* Exercise data *
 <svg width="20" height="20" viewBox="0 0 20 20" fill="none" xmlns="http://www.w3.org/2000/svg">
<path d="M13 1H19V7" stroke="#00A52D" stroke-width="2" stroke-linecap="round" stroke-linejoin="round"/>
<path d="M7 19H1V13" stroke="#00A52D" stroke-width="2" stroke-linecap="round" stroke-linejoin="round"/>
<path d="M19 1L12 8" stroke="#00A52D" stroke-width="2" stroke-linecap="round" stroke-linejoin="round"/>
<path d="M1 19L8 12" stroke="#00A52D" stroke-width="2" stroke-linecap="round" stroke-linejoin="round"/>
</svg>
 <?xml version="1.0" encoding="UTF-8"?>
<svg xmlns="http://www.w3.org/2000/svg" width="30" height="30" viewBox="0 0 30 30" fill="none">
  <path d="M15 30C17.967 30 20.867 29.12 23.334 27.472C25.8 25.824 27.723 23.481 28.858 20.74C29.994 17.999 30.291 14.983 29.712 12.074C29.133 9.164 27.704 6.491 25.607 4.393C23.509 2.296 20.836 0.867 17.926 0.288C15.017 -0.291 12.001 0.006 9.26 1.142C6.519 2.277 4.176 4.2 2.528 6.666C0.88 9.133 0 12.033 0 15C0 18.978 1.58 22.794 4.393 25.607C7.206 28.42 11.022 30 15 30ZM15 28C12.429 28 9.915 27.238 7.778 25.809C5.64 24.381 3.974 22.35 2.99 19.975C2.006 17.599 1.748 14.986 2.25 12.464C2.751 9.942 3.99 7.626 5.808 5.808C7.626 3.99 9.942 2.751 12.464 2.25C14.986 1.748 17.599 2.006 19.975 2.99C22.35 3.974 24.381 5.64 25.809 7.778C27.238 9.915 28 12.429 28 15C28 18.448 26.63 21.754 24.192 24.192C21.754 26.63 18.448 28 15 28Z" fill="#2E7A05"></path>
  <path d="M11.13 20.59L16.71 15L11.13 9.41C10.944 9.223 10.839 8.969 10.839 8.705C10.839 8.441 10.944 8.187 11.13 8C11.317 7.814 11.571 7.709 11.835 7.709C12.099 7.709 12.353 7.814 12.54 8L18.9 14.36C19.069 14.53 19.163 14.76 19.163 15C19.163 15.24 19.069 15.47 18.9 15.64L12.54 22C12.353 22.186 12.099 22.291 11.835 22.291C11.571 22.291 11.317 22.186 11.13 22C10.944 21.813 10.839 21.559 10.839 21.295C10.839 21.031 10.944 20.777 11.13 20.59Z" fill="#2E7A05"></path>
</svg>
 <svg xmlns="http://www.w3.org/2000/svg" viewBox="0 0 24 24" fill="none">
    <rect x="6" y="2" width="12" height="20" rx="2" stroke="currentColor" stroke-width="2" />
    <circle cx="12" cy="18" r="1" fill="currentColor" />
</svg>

* Your assignment *
Now copy each line of the entries that mentions "http".

* Answer to this problem *
 <svg width="20" height="20" viewBox="0 0 20 20" fill="none" xmlns="http://www.w3.org/2000/svg">
<svg xmlns="http://www.w3.org/2000/svg" width="30" height="30" viewBox="0 0 30 30" fill="none">
 <svg xmlns="http://www.w3.org/2000/svg" viewBox="0 0 24 24" fill="none">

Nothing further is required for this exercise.